DH in the Classroom: Dr. Mónica Salas-Landa on Archiving “Nature” (Digitally)

Dr. Mónica Salas-Landa, Assistant Professor of Anthropology

Dr. Mónica Salas-Landa used a Digital Humanities in the Classroom Grant to develop a class project in her Spring 2017 course “Anthropology & Sociology 201: Environment and Culture.” Read on for her reflections on the semester!

How can we understand the many ways in which people shape their environments and are, in turn, shaped by them? Although this basic question might be an expected centerpiece of a 200-level course titled “Environment and Culture,” my class last spring invited students to engage with this line of inquiry in the most direct and substantial way possible: across the semester, students developed research projects on a local landscape in Easton and made an argument about the nature-human dynamics that they encountered there. They drew on ethnographic and historical methods in order to analyze their chosen landscape and participate in relevant scholarly debates, which we discussed in class. The goal of this assignment, then, was not only for students to gain experience “reading” an actual landscape but also for them to develop a more robust understanding of how their own existence at this time and place is inextricably connected to other complex relationships between humans and their environment.

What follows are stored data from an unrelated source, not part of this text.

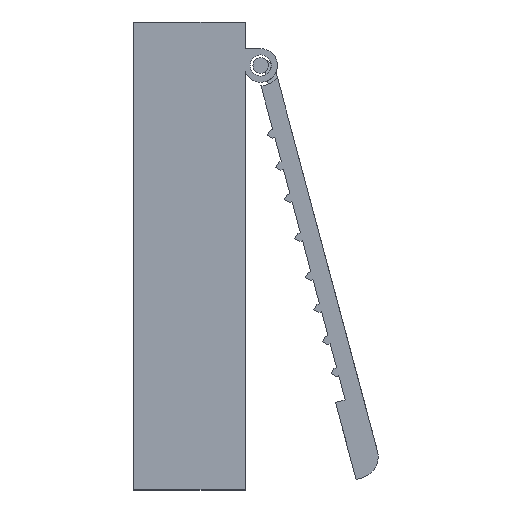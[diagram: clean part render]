
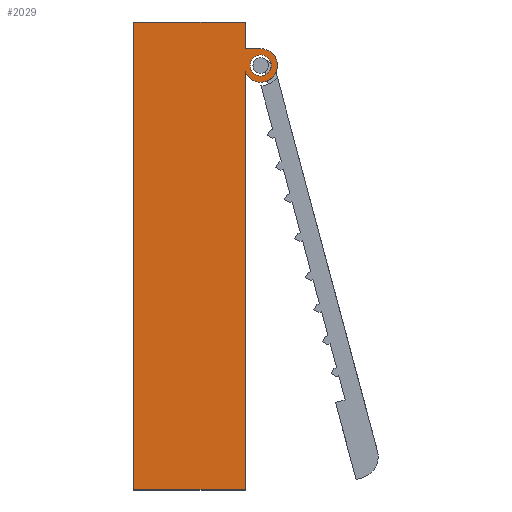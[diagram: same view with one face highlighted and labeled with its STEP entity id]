
A CAD part, left-side view. The second image highlights one B-rep face of the part: STEP entity #2029.
In plain terms, the highlighted planar face has unit normal (-1, 0, 0).
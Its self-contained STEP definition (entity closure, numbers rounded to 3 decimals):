
#74=FACE_BOUND('',#261,.T.);
#100=CIRCLE('',#2228,2.693);
#102=CIRCLE('',#2237,1.7);
#147=FACE_OUTER_BOUND('',#260,.T.);
#260=EDGE_LOOP('',(#1461,#1462,#1463,#1464,#1465,#1466,#1467));
#261=EDGE_LOOP('',(#1468));
#382=LINE('',#3026,#616);
#396=LINE('',#3068,#630);
#413=LINE('',#3124,#647);
#416=LINE('',#3130,#650);
#417=LINE('',#3133,#651);
#418=LINE('',#3134,#652);
#616=VECTOR('',#2418,10.);
#630=VECTOR('',#2450,10.);
#647=VECTOR('',#2507,10.);
#650=VECTOR('',#2516,10.);
#651=VECTOR('',#2519,10.);
#652=VECTOR('',#2520,10.);
#859=VERTEX_POINT('',#3023);
#860=VERTEX_POINT('',#3025);
#873=VERTEX_POINT('',#3065);
#874=VERTEX_POINT('',#3067);
#886=VERTEX_POINT('',#3105);
#893=VERTEX_POINT('',#3122);
#894=VERTEX_POINT('',#3132);
#895=VERTEX_POINT('',#3135);
#1062=EDGE_CURVE('',#859,#860,#382,.T.);
#1081=EDGE_CURVE('',#873,#874,#396,.T.);
#1101=EDGE_CURVE('',#873,#886,#100,.T.);
#1110=EDGE_CURVE('',#886,#893,#413,.T.);
#1113=EDGE_CURVE('',#859,#874,#416,.T.);
#1114=EDGE_CURVE('',#893,#894,#417,.T.);
#1115=EDGE_CURVE('',#860,#894,#418,.T.);
#1116=EDGE_CURVE('',#895,#895,#102,.T.);
#1461=ORIENTED_EDGE('',*,*,#1110,.T.);
#1462=ORIENTED_EDGE('',*,*,#1114,.T.);
#1463=ORIENTED_EDGE('',*,*,#1115,.F.);
#1464=ORIENTED_EDGE('',*,*,#1062,.F.);
#1465=ORIENTED_EDGE('',*,*,#1113,.T.);
#1466=ORIENTED_EDGE('',*,*,#1081,.F.);
#1467=ORIENTED_EDGE('',*,*,#1101,.T.);
#1468=ORIENTED_EDGE('',*,*,#1116,.T.);
#1934=PLANE('',#2236);
#2029=ADVANCED_FACE('',(#147,#74),#1934,.T.);
#2228=AXIS2_PLACEMENT_3D('',#3107,#2492,#2493);
#2236=AXIS2_PLACEMENT_3D('',#3131,#2517,#2518);
#2237=AXIS2_PLACEMENT_3D('',#3136,#2521,#2522);
#2418=DIRECTION('',(0.,0.,1.));
#2450=DIRECTION('',(0.,0.,-1.));
#2492=DIRECTION('center_axis',(-1.,0.,0.));
#2493=DIRECTION('ref_axis',(0.,-1.,0.));
#2507=DIRECTION('',(0.,1.,0.));
#2516=DIRECTION('',(0.,-1.,0.));
#2517=DIRECTION('center_axis',(-1.,0.,0.));
#2518=DIRECTION('ref_axis',(0.,0.,
-1.));
#2519=DIRECTION('',(0.,0.,1.));
#2520=DIRECTION('',(0.,-1.,0.));
#2521=DIRECTION('center_axis',(1.,0.,0.));
#2522=DIRECTION('ref_axis',(0.,1.,0.));
#3023=CARTESIAN_POINT('',(-16.901,99.219,-132.686));
#3025=CARTESIAN_POINT('',(-16.901,99.219,-57.406));
#3026=CARTESIAN_POINT('',(-16.901,99.219,-116.914));
#3065=CARTESIAN_POINT('',(-16.901,81.319,-65.398));
#3067=CARTESIAN_POINT('',(-16.901,81.319,-132.686));
#3068=CARTESIAN_POINT('',(-16.901,81.319,-89.423));
#3105=CARTESIAN_POINT('',(-16.901,78.819,-61.706));
#3107=CARTESIAN_POINT('Origin',(-16.901,78.819,-64.398));
#3122=CARTESIAN_POINT('',(-16.901,81.319,-61.706));
#3124=CARTESIAN_POINT('',(-16.901,99.219,-61.706));
#3130=CARTESIAN_POINT('',(-16.901,91.785,-132.686));
#3131=CARTESIAN_POINT('Origin',(-16.901,90.2,-103.341));
#3132=CARTESIAN_POINT('',(-16.901,81.319,-57.406));
#3133=CARTESIAN_POINT('',(-16.901,81.319,-82.179));
#3134=CARTESIAN_POINT('',(-16.901,91.785,-57.406));
#3135=CARTESIAN_POINT('',(-16.901,77.119,-64.398));
#3136=CARTESIAN_POINT('Origin',(-16.901,78.819,-64.398));

A variety of images students encountered in their primary source research for the class Omeka project

Students’ ethnographically and historically informed research, moreover, served as the basis for a collective class project: the development of a digital collection and exhibition based on material connected to everything from local dams, industrial parks, and cemeteries to roads, community parks, and food markets. During their research, each student collected, on the one hand, an image, sound recording, or video of their field site and related it to a piece of historical evidence, which they found in Lafayette Special Collections & College Archives or at the Easton Public Library. Using Omeka, a web-publishing platform for displaying archives, collections, and exhibitions, students catalogued their material, entered metadata, and created an exhibit page in which they further explored the relationship between concepts discussed in class and assemblies of items from our collection.

The A&S 201 Omeka site

By incorporating a digital humanities component into this class, I was able to introduce students to ethnographic and historical research of primary sources as well as the critical thinking involved in creating an archive. Through the selection, organization, cataloguing, and analysis of a myriad of documents, photographs, sound recordings, and videos of the Easton area, students connected their own research to wider theoretical issues about how representations of nature are constructed and disseminated.  The site, which remains a work in progress, can be viewed here.  

Further, drawing on the digital humanities in this course has also helped me to imagine ways of expanding and sharing my own research results on environmental degradation in oil zones in Mexico. I hope to use Omeka to develop a public “toxic archive” in which community members can document and record the harmful presences of oil and its infrastructure. In a context where the invisibility of toxicity works to mask or deny it, rendering its noxious effects visible is of utmost importance.